AIM OF THE TASK
Starting at the top line, print the entries below exactly as they are and skip every picture.

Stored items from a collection
________________________________________

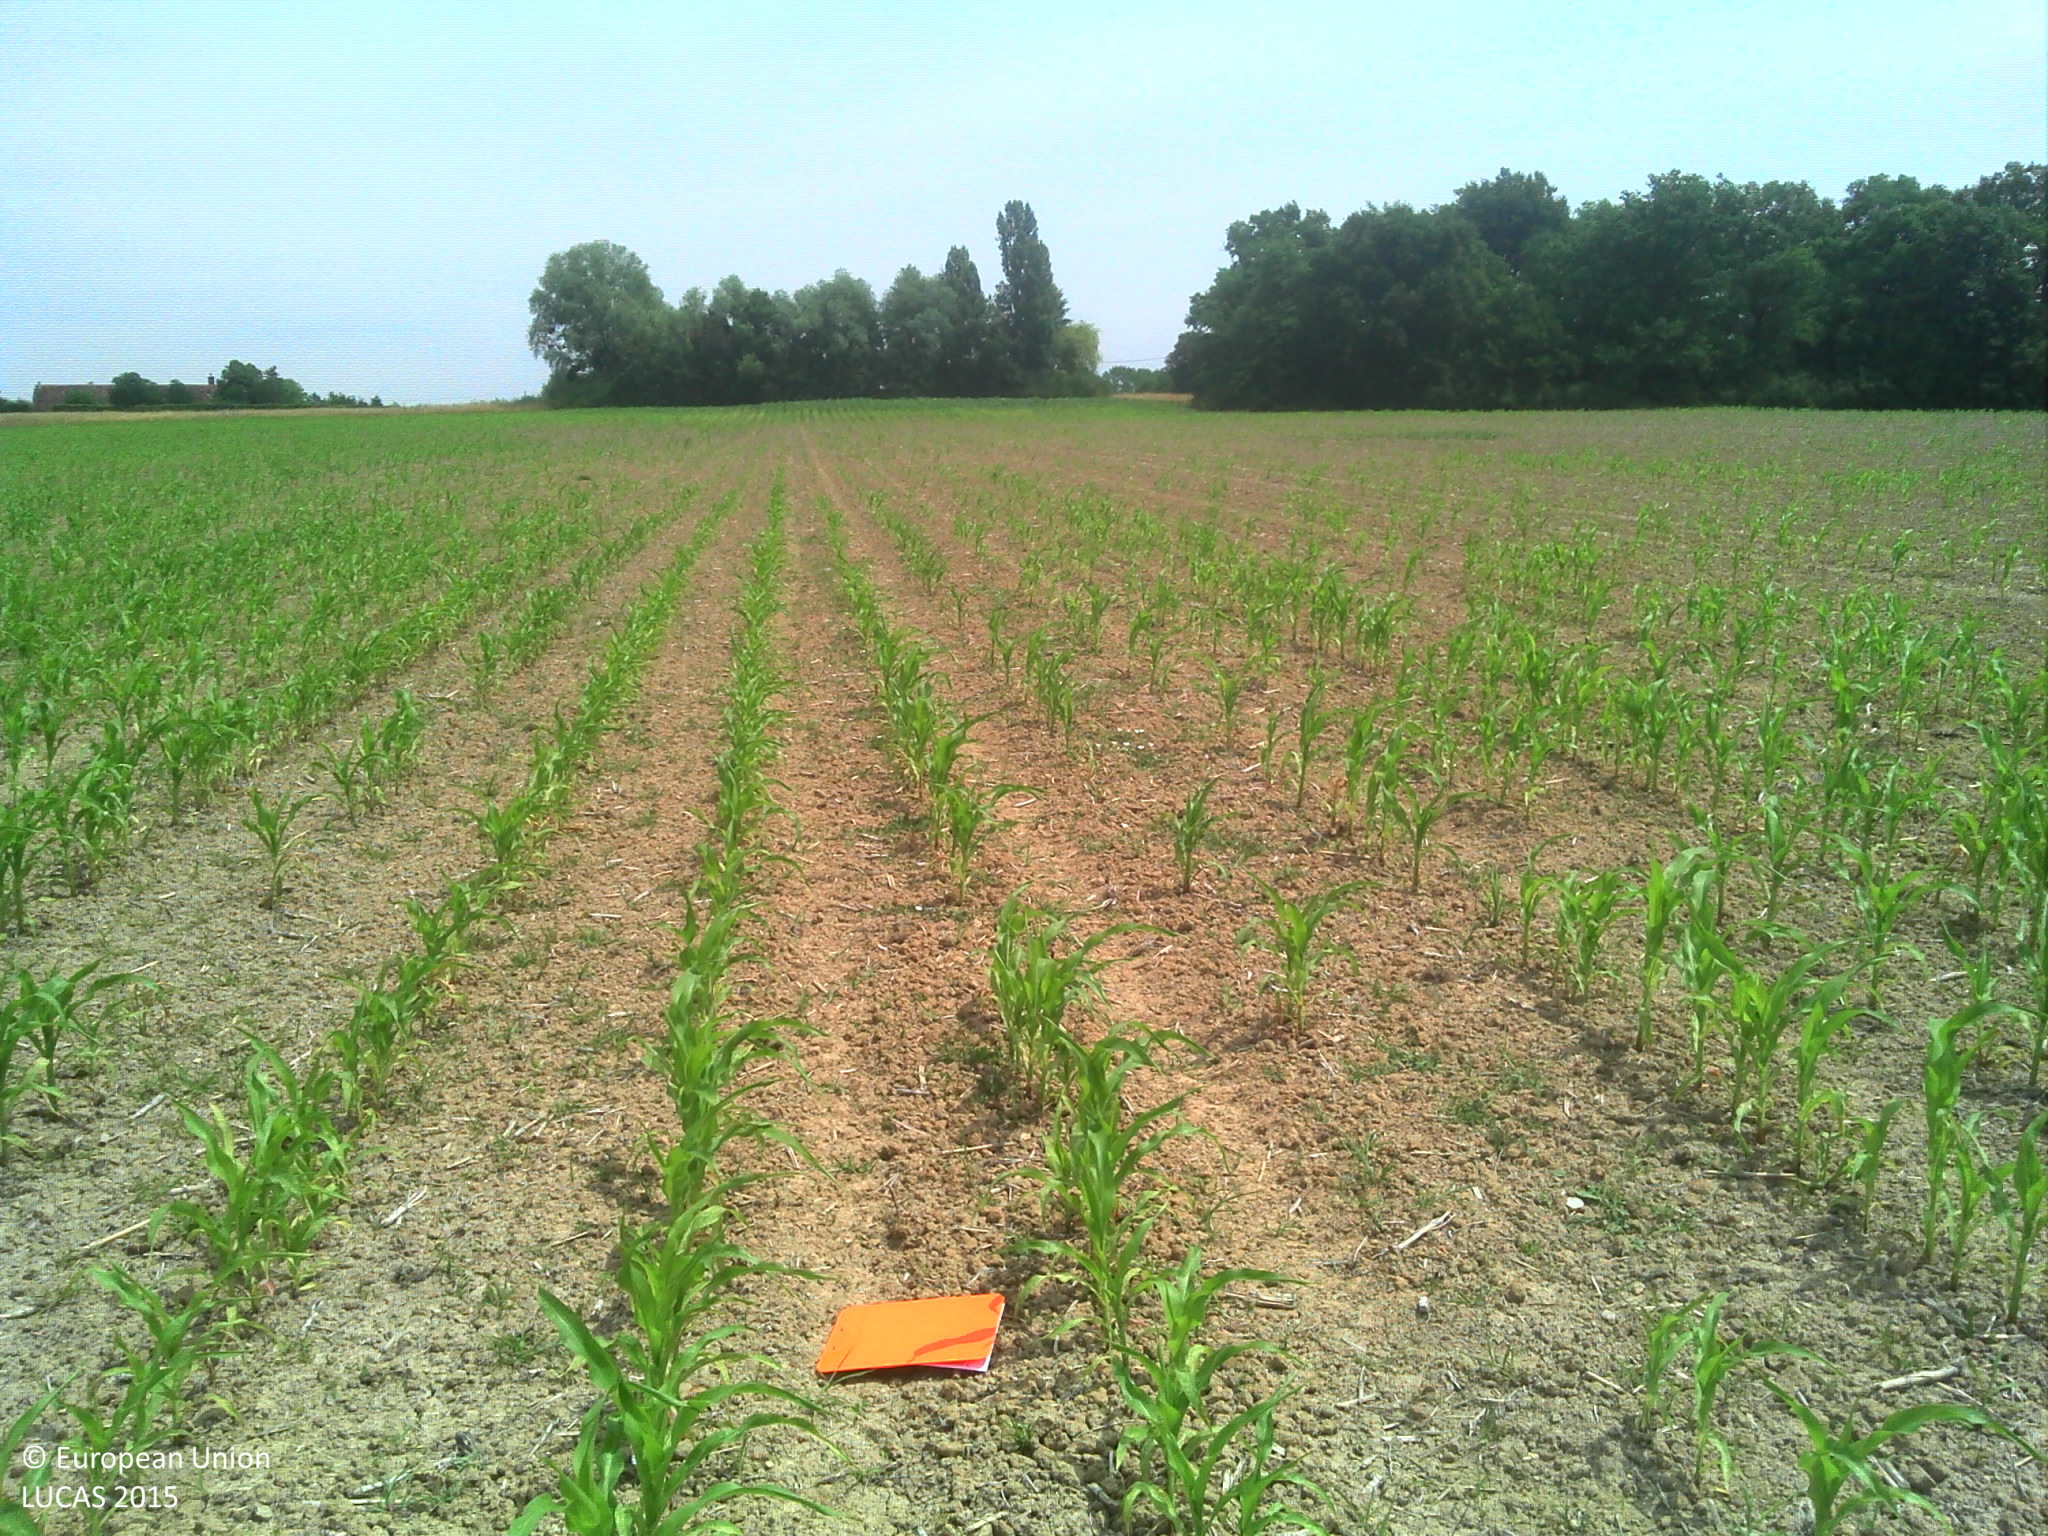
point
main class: Cropland
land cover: Maize
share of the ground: 25 - 50 %
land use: Agriculture (excluding fallow land and kitchen gardens)
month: June
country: FR
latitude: 47.4667
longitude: 1.3485
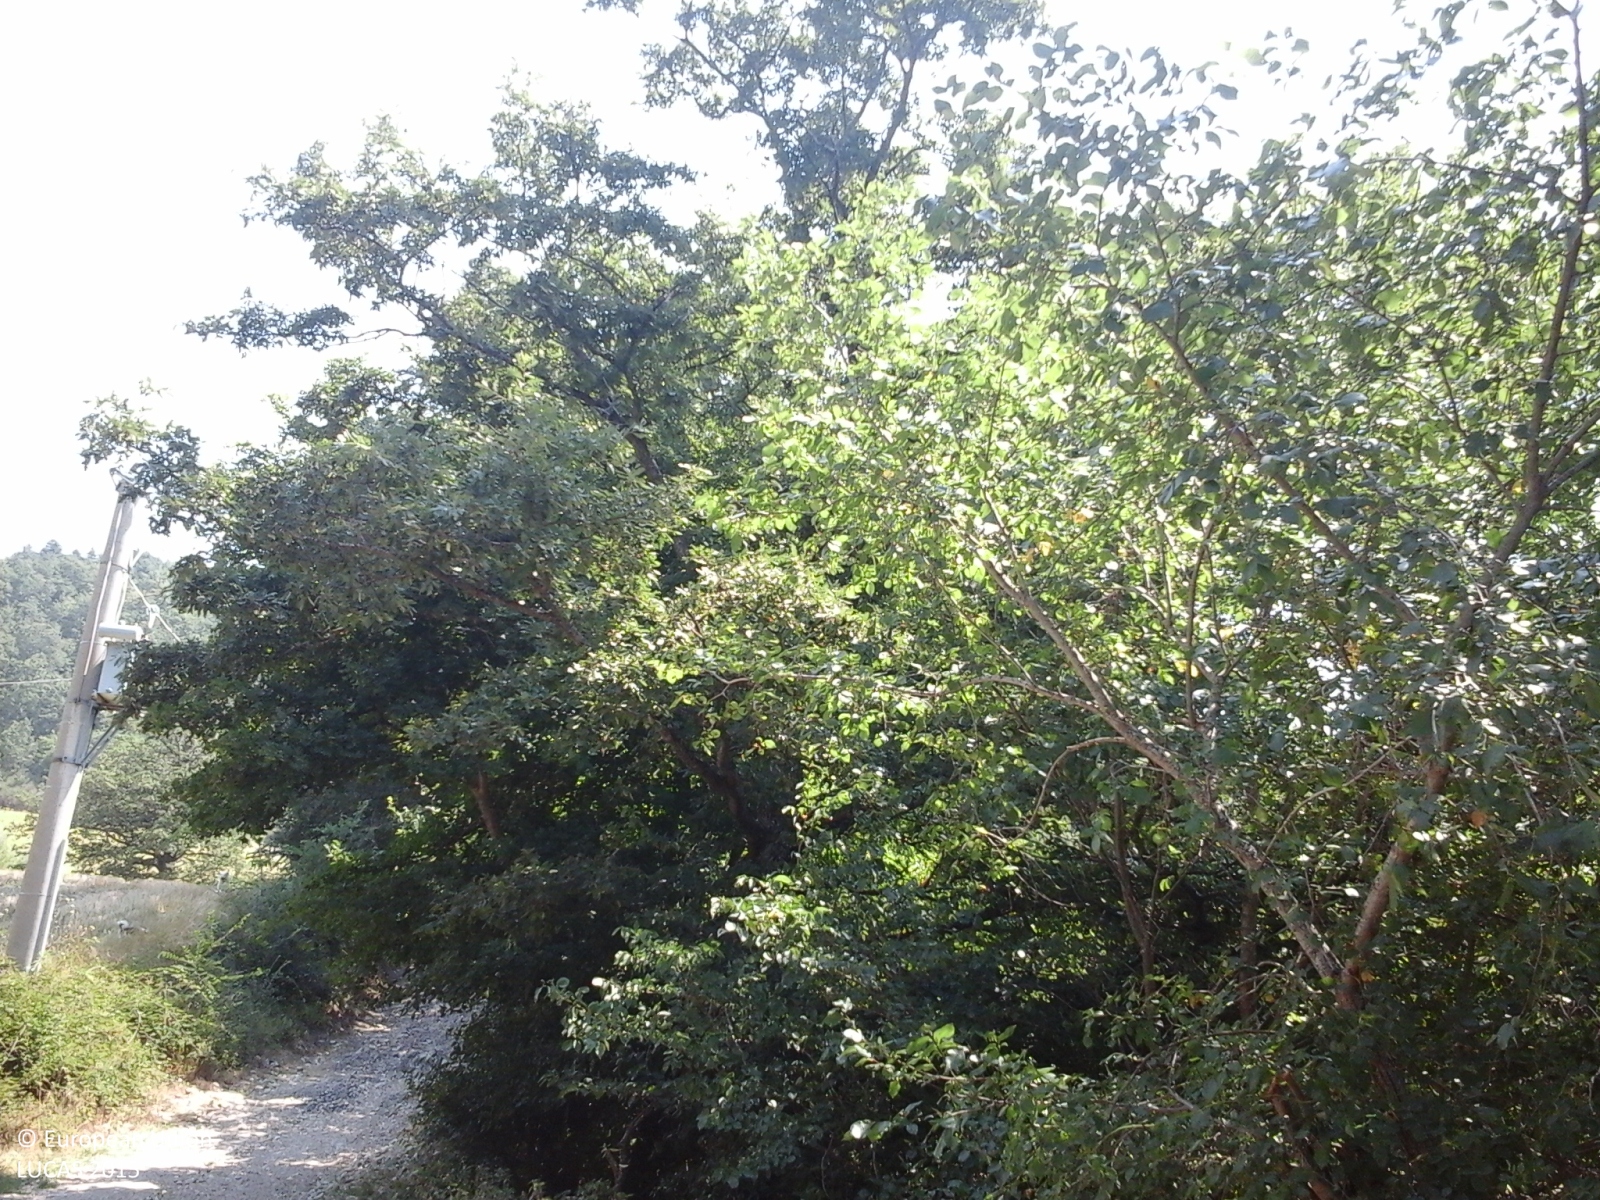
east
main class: Cropland
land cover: Durum wheat
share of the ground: > 75 %
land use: Agriculture (excluding fallow land and kitchen gardens)
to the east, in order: Durum wheat; Electric lines; Durum wheat; Tracks; Abandoned hedges; Ditches and canals; Abandoned hedges; Sunflower; Broadleaved woodland
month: August
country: IT
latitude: 41.3460
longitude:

________________________________________

WRITTEN RESPONSE
point
main class: Cropland
land cover: Maize
share of the ground: 25 - 50 %
land use: Agriculture (excluding fallow land and kitchen gardens)
month: June
country: FR
latitude: 47.4667
longitude: 1.3485
east
main class: Cropland
land cover: Durum wheat
share of the ground: > 75 %
land use: Agriculture (excluding fallow land and kitchen gardens)
to the east, in order: Durum wheat; Electric lines; Durum wheat; Tracks; Abandoned hedges; Ditches and canals; Abandoned hedges; Sunflower; Broadleaved woodland
month: August
country: IT
latitude: 41.3460
longitude:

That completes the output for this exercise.